Tell how many lines in the data below hold the string "rock"; give nothing but the number.

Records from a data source
*** Block opens ***
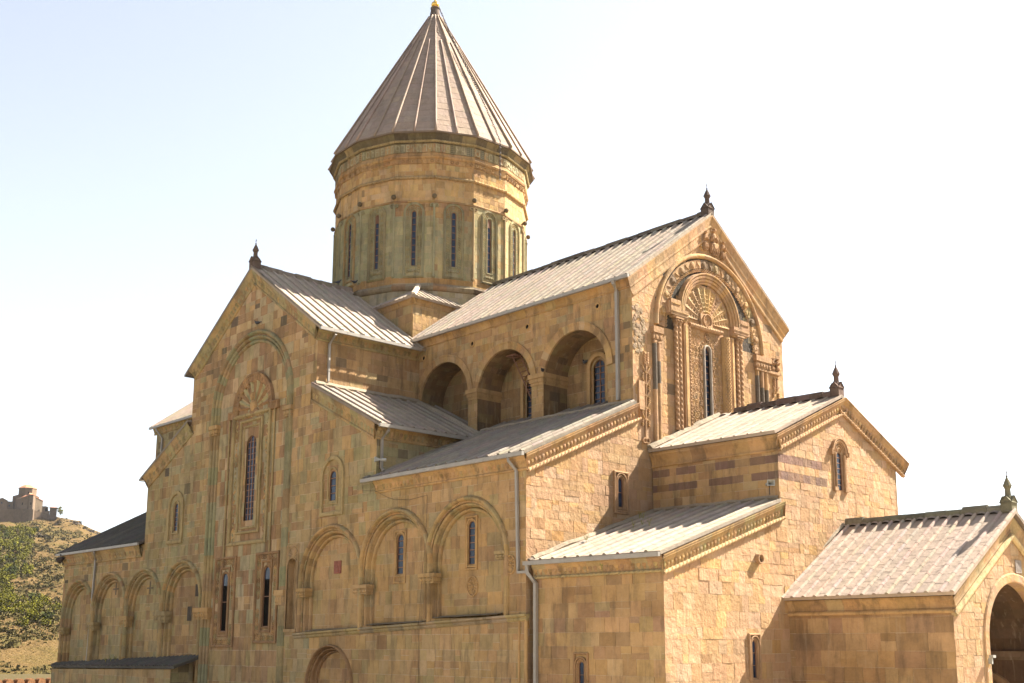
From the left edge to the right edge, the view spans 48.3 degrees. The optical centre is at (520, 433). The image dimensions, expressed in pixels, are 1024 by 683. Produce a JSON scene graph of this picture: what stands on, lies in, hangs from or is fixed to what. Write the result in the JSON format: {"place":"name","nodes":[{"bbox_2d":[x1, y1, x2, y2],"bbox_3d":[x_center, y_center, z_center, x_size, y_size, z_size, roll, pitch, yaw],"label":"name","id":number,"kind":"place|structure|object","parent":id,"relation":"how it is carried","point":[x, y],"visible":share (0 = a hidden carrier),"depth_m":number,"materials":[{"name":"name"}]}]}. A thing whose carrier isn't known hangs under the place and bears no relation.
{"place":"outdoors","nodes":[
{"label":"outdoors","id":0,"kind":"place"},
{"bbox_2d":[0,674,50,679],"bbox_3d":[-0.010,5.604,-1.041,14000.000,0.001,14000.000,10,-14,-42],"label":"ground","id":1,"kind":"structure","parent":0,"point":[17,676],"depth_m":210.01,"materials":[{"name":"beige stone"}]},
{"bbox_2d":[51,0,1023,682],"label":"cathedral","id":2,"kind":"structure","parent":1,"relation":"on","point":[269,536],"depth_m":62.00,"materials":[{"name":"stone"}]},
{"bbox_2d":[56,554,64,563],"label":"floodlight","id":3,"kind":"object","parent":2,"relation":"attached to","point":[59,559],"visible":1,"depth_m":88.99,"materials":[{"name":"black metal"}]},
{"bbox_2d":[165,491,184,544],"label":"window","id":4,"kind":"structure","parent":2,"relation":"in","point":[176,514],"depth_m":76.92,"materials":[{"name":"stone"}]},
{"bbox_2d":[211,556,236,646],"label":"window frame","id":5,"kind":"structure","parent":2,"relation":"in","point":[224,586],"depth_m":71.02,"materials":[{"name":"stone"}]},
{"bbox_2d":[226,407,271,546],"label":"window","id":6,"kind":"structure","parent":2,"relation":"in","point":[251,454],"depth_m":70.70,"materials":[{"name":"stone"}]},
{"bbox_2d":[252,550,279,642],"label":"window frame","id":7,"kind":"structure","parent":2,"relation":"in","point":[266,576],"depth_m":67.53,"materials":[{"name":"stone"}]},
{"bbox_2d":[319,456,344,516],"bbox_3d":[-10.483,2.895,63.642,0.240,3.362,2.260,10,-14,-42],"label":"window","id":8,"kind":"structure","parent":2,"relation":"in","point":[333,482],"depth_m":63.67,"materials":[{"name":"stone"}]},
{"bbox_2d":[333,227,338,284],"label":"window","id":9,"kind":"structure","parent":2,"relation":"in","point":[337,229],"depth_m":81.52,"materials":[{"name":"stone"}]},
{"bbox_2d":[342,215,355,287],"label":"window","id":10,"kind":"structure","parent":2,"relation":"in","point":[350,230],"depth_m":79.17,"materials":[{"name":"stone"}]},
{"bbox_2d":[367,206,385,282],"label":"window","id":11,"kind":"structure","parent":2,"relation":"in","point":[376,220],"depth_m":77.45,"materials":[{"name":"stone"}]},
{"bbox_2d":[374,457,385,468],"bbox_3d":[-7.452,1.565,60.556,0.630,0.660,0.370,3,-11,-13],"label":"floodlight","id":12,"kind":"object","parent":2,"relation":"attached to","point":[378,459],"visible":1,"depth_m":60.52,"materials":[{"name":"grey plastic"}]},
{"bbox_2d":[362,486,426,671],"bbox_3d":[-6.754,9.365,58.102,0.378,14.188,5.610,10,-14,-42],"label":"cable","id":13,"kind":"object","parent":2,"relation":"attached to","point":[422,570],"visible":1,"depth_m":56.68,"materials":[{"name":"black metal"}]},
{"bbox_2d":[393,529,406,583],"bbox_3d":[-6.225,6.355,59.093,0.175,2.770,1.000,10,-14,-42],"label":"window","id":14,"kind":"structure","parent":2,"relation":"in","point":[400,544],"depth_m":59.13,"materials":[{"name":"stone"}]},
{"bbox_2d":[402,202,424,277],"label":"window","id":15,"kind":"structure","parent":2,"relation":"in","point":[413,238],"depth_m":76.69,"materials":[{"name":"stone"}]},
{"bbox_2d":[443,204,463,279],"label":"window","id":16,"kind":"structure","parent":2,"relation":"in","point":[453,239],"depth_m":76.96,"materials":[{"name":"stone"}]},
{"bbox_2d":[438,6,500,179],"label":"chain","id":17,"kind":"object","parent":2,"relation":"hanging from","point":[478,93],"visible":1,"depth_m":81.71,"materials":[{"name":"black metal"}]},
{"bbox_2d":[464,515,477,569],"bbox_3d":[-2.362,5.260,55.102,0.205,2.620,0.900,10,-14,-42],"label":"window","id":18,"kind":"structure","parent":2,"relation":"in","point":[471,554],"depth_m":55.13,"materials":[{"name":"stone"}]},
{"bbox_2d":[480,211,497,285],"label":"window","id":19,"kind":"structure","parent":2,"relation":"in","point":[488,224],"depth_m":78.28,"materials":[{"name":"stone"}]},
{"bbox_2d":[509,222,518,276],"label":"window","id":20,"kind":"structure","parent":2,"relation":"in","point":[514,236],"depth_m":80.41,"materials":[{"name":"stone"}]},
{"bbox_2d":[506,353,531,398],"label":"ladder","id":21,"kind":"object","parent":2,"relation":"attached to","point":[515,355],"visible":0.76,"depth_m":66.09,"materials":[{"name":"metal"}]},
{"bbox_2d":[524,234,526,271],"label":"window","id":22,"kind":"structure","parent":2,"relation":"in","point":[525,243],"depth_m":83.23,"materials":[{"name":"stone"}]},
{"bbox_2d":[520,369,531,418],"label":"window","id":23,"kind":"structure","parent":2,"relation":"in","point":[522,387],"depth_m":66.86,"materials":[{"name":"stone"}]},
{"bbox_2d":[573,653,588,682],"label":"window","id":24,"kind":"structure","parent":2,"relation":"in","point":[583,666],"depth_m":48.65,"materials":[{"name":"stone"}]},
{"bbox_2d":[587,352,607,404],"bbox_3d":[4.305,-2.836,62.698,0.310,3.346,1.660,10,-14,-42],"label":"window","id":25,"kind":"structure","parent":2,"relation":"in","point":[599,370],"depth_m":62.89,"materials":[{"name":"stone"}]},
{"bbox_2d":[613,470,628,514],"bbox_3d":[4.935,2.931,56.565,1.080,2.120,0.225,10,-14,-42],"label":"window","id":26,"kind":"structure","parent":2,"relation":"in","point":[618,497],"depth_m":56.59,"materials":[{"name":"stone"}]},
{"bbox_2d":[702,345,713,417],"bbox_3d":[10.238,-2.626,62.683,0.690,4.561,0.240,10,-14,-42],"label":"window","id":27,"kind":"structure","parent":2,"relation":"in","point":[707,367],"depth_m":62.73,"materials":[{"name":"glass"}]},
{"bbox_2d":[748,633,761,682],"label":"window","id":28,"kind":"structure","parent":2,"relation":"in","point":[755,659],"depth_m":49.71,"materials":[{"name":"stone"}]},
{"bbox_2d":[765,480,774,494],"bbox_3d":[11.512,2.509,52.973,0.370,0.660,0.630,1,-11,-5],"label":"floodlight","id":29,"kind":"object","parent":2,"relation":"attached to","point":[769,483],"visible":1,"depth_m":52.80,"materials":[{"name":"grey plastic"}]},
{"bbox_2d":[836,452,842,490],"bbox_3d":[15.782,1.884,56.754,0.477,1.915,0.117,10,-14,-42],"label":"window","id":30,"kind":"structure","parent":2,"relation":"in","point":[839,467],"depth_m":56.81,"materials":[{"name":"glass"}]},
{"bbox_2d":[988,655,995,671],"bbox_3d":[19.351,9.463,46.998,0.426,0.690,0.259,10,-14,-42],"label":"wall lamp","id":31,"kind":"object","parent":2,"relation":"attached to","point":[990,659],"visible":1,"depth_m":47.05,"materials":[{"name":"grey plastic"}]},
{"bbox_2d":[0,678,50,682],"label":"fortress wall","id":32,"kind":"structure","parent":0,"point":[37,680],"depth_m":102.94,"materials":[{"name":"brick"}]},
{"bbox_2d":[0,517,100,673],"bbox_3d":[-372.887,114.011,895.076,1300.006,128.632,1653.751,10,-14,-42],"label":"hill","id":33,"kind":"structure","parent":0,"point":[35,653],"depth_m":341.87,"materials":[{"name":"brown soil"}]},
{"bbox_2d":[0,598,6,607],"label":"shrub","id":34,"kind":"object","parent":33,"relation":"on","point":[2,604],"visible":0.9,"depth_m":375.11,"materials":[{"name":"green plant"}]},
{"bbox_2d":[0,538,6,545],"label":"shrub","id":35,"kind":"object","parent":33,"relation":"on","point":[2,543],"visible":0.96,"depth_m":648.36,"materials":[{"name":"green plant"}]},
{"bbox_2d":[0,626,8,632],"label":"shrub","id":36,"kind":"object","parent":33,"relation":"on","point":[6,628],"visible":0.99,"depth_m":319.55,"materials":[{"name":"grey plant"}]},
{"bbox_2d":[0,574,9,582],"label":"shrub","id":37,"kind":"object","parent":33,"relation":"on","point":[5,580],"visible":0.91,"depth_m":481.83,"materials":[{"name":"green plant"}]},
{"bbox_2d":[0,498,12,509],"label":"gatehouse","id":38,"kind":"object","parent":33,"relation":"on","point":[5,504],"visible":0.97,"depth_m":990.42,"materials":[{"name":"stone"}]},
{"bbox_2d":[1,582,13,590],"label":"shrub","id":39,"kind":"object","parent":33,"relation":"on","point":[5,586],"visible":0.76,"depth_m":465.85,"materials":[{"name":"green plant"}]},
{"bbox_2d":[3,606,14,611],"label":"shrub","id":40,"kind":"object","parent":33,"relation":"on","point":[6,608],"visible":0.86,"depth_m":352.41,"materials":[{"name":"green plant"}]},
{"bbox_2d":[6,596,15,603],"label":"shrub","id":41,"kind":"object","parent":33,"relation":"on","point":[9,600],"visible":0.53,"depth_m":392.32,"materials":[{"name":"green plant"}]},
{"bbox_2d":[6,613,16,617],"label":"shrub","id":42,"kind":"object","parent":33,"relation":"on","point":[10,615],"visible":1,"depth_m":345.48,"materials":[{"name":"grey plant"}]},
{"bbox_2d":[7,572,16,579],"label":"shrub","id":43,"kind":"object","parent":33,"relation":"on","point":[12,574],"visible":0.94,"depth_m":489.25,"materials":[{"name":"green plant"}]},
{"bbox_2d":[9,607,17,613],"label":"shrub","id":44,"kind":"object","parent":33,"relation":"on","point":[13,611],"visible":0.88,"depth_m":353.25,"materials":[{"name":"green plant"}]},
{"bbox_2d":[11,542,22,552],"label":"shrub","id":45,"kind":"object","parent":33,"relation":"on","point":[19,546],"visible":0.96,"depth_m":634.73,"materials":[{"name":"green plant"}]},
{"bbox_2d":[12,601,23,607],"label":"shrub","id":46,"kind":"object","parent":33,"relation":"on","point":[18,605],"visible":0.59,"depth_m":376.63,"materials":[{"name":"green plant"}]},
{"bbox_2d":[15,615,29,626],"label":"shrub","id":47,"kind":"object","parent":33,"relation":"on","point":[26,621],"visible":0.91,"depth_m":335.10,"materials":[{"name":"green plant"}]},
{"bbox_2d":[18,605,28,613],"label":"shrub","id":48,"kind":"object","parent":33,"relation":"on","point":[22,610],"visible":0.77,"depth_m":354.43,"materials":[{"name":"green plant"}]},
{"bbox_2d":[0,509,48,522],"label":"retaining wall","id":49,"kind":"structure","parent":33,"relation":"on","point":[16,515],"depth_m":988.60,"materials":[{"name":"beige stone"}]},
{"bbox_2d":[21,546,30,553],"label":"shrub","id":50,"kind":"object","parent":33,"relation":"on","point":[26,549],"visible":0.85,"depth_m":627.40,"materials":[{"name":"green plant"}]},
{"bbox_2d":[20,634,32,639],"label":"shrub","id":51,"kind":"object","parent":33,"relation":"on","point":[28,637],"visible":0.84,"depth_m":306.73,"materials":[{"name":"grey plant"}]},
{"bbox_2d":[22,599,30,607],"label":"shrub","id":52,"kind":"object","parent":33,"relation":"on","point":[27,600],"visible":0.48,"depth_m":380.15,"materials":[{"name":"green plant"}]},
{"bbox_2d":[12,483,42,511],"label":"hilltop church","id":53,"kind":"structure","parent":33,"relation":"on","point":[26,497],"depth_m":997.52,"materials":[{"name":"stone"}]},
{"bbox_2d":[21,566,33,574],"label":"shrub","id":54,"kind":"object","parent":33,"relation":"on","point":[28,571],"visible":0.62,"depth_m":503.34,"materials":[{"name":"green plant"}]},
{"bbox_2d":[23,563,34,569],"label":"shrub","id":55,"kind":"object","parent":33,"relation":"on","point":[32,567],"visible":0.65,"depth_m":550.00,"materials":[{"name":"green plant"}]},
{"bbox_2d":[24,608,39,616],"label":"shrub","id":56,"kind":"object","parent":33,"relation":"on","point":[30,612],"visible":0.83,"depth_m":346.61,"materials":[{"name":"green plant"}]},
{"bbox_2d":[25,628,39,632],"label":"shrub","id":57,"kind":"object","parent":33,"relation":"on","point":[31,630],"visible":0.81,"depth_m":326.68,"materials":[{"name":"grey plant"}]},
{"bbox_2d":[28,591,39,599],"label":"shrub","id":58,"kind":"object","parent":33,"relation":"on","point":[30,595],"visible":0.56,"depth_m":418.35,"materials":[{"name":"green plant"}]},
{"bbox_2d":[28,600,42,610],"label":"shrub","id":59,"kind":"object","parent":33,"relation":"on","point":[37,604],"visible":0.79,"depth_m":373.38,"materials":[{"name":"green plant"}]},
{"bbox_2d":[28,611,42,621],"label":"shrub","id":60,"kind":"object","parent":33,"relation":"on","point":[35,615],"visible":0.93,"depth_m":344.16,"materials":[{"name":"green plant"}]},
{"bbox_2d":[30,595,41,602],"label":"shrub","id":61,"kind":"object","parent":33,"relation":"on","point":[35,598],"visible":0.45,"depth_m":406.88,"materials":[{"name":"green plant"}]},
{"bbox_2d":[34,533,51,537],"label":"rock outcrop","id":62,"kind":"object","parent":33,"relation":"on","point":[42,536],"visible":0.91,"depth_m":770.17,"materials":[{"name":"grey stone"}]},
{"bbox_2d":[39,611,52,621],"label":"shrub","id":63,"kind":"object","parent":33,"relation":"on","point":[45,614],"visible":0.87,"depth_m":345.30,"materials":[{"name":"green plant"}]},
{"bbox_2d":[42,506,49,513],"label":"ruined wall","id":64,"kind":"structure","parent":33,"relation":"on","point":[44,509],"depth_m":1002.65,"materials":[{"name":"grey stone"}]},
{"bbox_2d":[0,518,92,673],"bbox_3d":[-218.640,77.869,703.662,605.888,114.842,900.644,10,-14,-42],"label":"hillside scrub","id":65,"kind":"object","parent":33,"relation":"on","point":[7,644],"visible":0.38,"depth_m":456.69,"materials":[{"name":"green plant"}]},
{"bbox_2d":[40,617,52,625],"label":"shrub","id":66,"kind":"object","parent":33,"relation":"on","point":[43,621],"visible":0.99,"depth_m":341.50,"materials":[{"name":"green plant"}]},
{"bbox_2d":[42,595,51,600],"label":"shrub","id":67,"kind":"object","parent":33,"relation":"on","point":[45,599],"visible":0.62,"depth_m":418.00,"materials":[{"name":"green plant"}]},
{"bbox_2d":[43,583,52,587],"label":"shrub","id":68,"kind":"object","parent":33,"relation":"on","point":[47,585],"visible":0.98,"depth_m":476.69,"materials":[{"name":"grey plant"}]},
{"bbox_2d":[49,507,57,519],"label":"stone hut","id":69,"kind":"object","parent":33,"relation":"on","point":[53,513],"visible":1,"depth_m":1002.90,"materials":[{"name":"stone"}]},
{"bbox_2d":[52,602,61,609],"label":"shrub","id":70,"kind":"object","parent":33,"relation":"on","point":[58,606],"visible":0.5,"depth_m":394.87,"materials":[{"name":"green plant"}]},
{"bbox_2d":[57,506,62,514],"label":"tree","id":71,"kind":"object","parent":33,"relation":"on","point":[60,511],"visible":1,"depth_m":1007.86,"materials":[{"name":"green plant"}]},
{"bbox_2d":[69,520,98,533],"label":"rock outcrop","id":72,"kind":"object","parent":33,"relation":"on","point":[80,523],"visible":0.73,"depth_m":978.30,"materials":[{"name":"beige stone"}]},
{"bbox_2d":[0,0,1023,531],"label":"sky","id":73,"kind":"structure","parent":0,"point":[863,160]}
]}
*** Block closes ***
Task answer
2